What is being asked: I'd like the entries that follow repeated exactly, with the pictures left out.

Dataset entries:
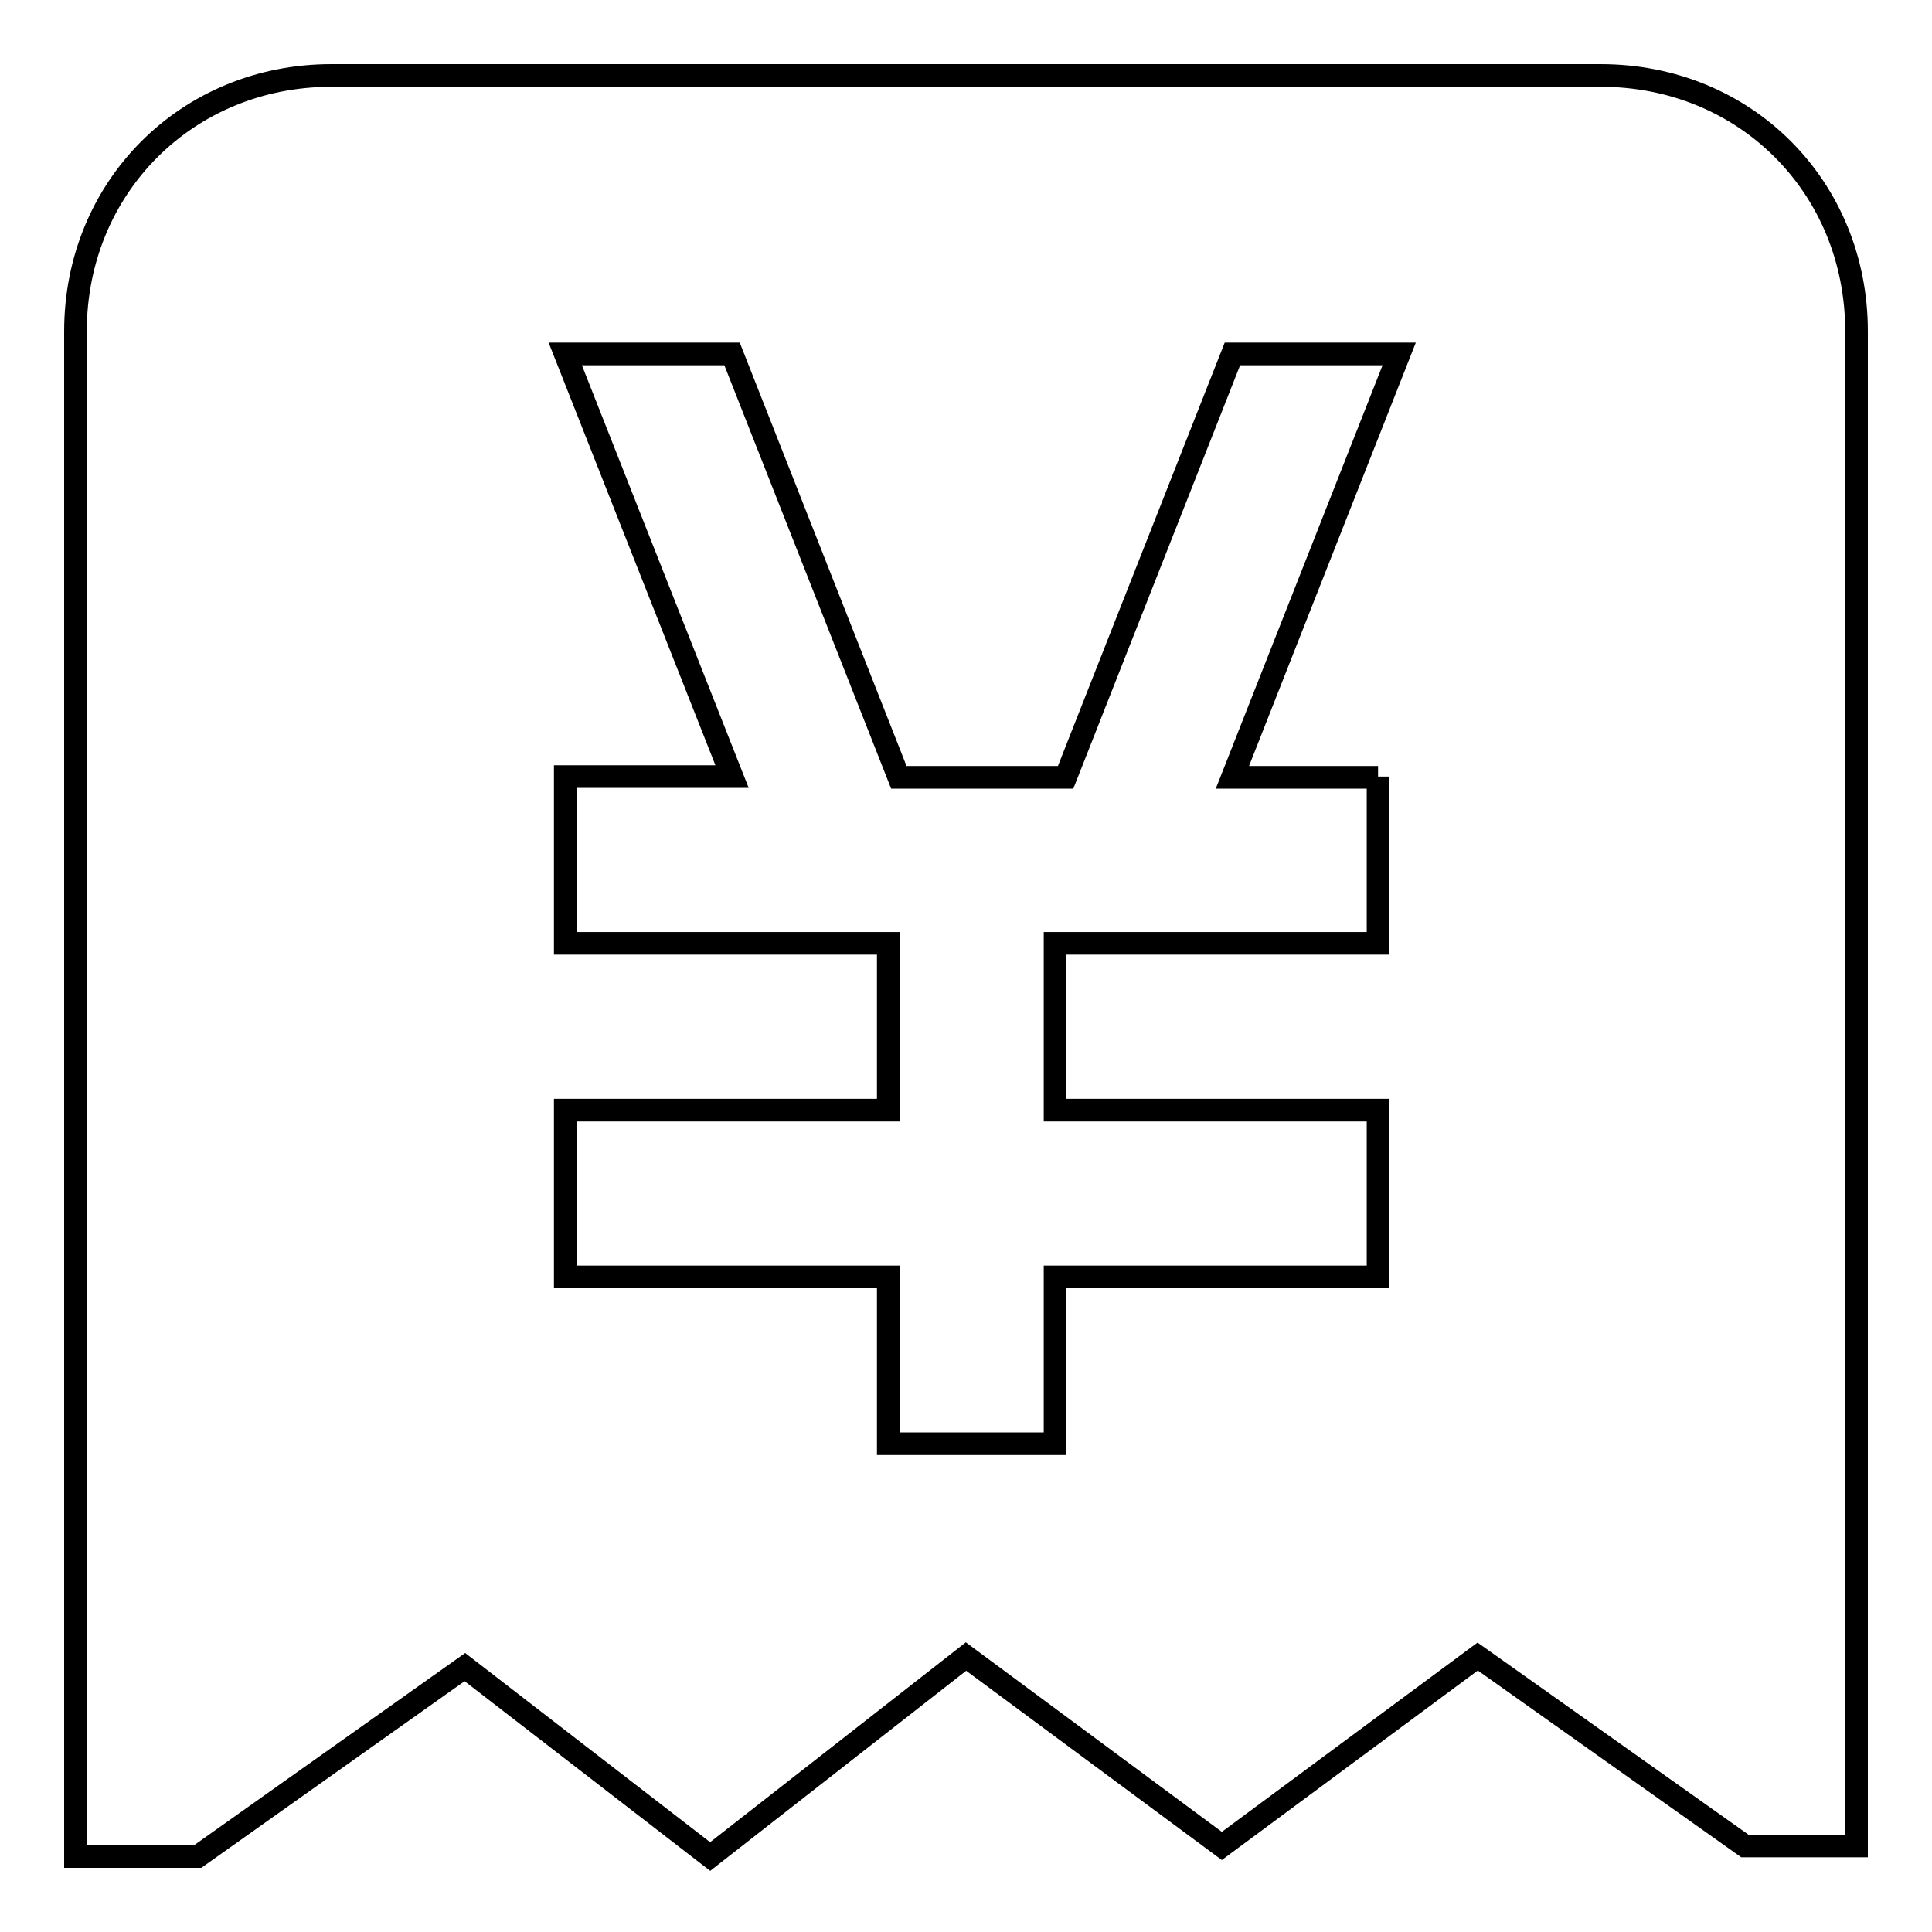 <?xml version="1.0" encoding="utf-8"?>
<!-- Svg Vector Icons : http://www.onlinewebfonts.com/icon -->
<!DOCTYPE svg PUBLIC "-//W3C//DTD SVG 1.1//EN" "http://www.w3.org/Graphics/SVG/1.1/DTD/svg11.dtd">
<svg version="1.1" xmlns="http://www.w3.org/2000/svg" xmlns:xlink="http://www.w3.org/1999/xlink" x="0px" y="0px" viewBox="0 0 256 256" enable-background="new 0 0 256 256" xml:space="preserve">
<g><g><path stroke-width="3" fill-opacity="0" stroke="#000000"  d="M212.1,10H43.9C24.8,10,10,24.8,10,43.9V246h16.2l35.4-25.1L94.1,246l33.9-26.5l33.9,25.1l33.9-25.1l35.4,25.1H246V43.9C246,24.8,231.3,10,212.1,10z M182.6,102.9v22.1h-42.8v22.1h42.8v22.1h-42.8v22.1h-22.1v-22.1H74.9v-22.1h42.8v-22.1H74.9v-22.1H97L74.9,46.9H97l22.1,56.1h22.1l22.1-56.1h22.1l-22.1,56.1H182.6z"/></g></g>
</svg>

Task solution:
 <?xml version="1.0" encoding="utf-8"?>
<!-- Svg Vector Icons : http://www.onlinewebfonts.com/icon -->
<!DOCTYPE svg PUBLIC "-//W3C//DTD SVG 1.1//EN" "http://www.w3.org/Graphics/SVG/1.1/DTD/svg11.dtd">
<svg version="1.1" xmlns="http://www.w3.org/2000/svg" xmlns:xlink="http://www.w3.org/1999/xlink" x="0px" y="0px" viewBox="0 0 256 256" enable-background="new 0 0 256 256" xml:space="preserve">
<g><g><path stroke-width="3" fill-opacity="0" stroke="#000000"  d="M212.1,10H43.9C24.8,10,10,24.8,10,43.9V246h16.2l35.4-25.1L94.1,246l33.9-26.5l33.9,25.1l33.9-25.1l35.4,25.1H246V43.9C246,24.8,231.3,10,212.1,10z M182.6,102.9v22.1h-42.8v22.1h42.8v22.1h-42.8v22.1h-22.1v-22.1H74.9v-22.1h42.8v-22.1H74.9v-22.1H97L74.9,46.9H97l22.1,56.1h22.1l22.1-56.1h22.1l-22.1,56.1H182.6z"/></g></g>
</svg>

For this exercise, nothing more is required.